Biome Grow Signs Massive Provincial Supply Agreement
Ryan Allway
December 10th, 2018
Exclusive, News, Top Story
Canada’s cannabis industry has charged forward full-steam following the legalization of recreational cannabis in October. While there was an initial flurry in provincial agreements, many licensed producers experienced a shortfall in their supply commitments. These dynamics encouraged many provinces to seek additional suppliers to help meet growing customer demand as Health Canada works through its backlog of applications.
Biome Grow Inc. (CSE: BIO) (FSE: 60TA) is a diversified licensed producer with five subsidiaries located in strategic markets throughout the country. In early November, the company announced a landmark provincial supply agreement that could generate upwards of $100 million in annual revenue over the coming years in Newfoundland and Labrador’s nascent market.
In this article, we will take a look at the new supply agreement and why investors may want to take a closer look at the stock over the coming quarters.
New Supply Agreement
Biome Grow recently announced that its subsidiary, Back Home Medical Cannabis Corporation, entered into a three-year 24,000 kg production and supply agreement with the Province of Newfoundland and Labrador.

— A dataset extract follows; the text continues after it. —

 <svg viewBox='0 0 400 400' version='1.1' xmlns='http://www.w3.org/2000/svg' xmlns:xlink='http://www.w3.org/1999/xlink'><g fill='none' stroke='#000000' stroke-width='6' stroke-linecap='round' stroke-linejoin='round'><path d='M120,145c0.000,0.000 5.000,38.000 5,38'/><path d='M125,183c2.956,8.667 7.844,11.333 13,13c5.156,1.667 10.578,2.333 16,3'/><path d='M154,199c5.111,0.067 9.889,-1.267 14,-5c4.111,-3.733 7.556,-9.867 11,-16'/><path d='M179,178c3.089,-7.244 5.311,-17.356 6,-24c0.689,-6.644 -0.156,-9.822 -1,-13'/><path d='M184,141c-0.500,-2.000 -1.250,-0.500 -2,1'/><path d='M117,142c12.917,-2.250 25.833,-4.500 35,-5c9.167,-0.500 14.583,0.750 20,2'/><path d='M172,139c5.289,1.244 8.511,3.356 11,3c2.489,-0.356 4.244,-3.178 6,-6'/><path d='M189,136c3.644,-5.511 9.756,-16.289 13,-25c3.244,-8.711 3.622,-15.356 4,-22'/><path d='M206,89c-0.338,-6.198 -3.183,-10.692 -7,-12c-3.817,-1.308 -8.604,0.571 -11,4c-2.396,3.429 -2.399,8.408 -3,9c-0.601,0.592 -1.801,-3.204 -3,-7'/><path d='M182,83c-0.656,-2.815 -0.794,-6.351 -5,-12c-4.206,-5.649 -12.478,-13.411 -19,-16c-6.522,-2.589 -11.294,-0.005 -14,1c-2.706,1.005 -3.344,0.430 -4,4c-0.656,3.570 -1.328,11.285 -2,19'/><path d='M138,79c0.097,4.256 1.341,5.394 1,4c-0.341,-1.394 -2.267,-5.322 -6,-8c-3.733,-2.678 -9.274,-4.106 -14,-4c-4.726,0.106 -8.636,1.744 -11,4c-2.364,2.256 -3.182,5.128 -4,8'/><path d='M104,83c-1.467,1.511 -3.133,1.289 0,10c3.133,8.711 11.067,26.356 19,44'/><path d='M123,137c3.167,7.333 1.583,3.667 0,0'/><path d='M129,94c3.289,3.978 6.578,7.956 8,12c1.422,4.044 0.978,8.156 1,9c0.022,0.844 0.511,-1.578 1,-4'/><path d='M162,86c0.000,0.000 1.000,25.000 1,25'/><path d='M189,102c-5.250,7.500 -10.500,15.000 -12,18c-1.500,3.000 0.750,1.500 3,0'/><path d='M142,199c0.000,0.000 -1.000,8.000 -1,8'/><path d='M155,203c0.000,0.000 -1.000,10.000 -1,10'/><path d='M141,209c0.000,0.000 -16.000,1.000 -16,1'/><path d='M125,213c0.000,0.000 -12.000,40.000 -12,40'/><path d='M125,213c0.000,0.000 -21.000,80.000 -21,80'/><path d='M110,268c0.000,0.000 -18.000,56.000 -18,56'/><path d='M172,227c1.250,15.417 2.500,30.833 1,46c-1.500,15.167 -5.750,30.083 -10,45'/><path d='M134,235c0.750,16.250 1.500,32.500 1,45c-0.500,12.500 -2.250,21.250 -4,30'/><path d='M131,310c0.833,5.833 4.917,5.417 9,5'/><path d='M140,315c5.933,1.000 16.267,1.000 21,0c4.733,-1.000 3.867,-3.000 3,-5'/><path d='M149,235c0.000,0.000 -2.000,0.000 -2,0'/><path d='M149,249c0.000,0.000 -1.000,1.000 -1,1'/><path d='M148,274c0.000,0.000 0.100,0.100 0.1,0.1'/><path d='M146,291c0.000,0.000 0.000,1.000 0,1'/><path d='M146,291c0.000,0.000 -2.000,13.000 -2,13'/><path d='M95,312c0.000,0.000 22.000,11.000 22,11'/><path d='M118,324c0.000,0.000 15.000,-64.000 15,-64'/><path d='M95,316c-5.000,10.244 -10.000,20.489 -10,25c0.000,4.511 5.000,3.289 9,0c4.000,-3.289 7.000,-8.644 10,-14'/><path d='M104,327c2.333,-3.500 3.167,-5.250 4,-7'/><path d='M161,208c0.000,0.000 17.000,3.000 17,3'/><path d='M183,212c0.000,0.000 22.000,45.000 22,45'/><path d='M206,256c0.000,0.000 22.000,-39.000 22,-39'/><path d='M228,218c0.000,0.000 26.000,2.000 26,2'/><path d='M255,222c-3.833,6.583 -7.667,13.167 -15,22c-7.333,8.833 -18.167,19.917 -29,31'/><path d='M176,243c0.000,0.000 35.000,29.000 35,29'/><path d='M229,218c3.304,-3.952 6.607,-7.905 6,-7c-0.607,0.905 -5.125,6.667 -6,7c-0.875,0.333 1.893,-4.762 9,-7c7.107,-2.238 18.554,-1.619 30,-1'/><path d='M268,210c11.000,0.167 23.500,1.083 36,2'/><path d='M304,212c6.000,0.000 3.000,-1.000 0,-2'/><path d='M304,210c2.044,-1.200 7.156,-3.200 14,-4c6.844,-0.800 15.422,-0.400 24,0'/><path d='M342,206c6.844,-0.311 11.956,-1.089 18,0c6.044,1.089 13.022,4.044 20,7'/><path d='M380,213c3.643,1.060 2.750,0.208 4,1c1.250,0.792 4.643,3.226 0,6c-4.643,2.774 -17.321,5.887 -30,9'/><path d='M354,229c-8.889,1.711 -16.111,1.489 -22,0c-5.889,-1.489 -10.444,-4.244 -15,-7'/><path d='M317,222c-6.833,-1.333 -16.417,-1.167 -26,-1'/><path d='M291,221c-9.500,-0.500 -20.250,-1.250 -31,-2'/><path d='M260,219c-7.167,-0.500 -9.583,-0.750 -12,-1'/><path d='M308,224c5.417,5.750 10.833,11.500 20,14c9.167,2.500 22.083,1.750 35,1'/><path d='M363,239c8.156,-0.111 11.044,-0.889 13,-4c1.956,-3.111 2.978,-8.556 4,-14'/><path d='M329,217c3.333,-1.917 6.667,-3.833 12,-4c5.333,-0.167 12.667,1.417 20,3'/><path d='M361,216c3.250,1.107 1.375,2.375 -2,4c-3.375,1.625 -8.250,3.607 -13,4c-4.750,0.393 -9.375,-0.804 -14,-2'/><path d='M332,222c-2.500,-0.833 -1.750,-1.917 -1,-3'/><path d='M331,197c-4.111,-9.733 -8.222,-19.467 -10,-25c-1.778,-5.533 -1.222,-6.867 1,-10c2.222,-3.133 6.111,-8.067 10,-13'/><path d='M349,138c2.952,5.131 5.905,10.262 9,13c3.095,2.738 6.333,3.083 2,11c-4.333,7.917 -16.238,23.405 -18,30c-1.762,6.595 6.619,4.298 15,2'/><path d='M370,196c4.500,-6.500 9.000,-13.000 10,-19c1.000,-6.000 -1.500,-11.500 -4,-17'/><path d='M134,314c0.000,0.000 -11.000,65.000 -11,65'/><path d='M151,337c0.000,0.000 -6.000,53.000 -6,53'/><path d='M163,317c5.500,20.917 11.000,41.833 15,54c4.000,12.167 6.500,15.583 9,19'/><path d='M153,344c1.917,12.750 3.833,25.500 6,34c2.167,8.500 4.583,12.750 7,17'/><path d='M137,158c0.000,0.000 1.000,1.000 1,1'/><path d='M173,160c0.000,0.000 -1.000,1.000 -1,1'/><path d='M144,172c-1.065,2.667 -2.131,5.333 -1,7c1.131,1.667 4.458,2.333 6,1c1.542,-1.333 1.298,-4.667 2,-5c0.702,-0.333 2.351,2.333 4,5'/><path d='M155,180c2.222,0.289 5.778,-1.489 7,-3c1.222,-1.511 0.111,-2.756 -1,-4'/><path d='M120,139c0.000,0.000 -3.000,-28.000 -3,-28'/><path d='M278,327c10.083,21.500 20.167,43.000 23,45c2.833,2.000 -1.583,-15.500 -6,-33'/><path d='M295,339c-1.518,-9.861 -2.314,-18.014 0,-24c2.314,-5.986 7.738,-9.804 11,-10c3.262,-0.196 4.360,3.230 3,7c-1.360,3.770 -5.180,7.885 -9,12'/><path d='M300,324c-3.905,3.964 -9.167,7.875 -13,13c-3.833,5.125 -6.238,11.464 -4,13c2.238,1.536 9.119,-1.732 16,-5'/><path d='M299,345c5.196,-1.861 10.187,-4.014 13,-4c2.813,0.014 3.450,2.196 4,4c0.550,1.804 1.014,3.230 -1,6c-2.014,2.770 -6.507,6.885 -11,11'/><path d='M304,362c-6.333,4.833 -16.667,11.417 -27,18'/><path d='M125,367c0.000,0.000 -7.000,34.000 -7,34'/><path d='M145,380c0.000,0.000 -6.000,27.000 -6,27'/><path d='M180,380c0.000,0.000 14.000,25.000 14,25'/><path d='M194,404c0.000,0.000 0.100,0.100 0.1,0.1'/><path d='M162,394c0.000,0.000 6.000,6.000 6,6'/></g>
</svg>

Management expects that the agreement will generate close to $100 million in annual revenue beginning in 2020 at wholesale prices, while expenses could total around $50 million per year at those production levels.
The transaction is the single largest cannabis supply agreement in Atlantic Canada and one of the top five largest deals across the country by quantity. Under the terms of the agreement, Back Home is expected to produce Newfoundland and Labrador-grown cannabis in 2019 and operate a production facility in the province for a minimum of 20 years. It will supply up to 4,000 kg in the first year and 10,000 kg annually in the following two years.
In addition to the supply commitments, the company is eligible to recover up to $52 million through reduced remittances to the Newfoundland and Labrador Liquor Corporation. The company could recoup eligible construction costs through reduced remittances in exchange for new jobs and the construction of the new facility in the province. These reduced remittances could provide a boost to the company’s bottom line.
Ongoing Expansion
Biome Grow’s Back Home subsidiary is just one of five companies under its corporate umbrella. Great Lakes Cannabis is in the late stages of an ACMPR license with a presence in Ontario; Highland Grow is an existing licensed producer in Nova Scotia; Red Sands Craft Cannabis is located in Prince Edwards Island; and, Weed Virtual Retail is developing a new virtual reality technology platform focused on medical and recreational cannabis markets.
In addition to these Canadian operations, the company is actively working to expand its international footprint to further diversify its revenue. These activities could include exporting cannabis to key international markets around the world or acquiring companies in these markets to grow its operational footprint. The announcements surrounding these expansions could become a catalyst for the stock over the coming quarters.
The company recently listed its stock on the Frankfurt Stock Exchange under the symbol “6OTA” to further its goal of becoming a leader in the international medical cannabis markets. The FSE is one of the world’s largest securities exchanges with ~90 percent share turnover, while about half of its participants are from countries other than Germany. The move could open the door to investment from European and other nearby investors.
Looking Ahead
Biome Grow Inc. (CSE: BIO) represents a compelling investment opportunity in the Canadian and global cannabis industry. With its new provincial supply agreement in place, the company is well positioned to significantly grow its revenue in 2020 and beyond, while simultaneously advancing projects across its other four subsidiaries.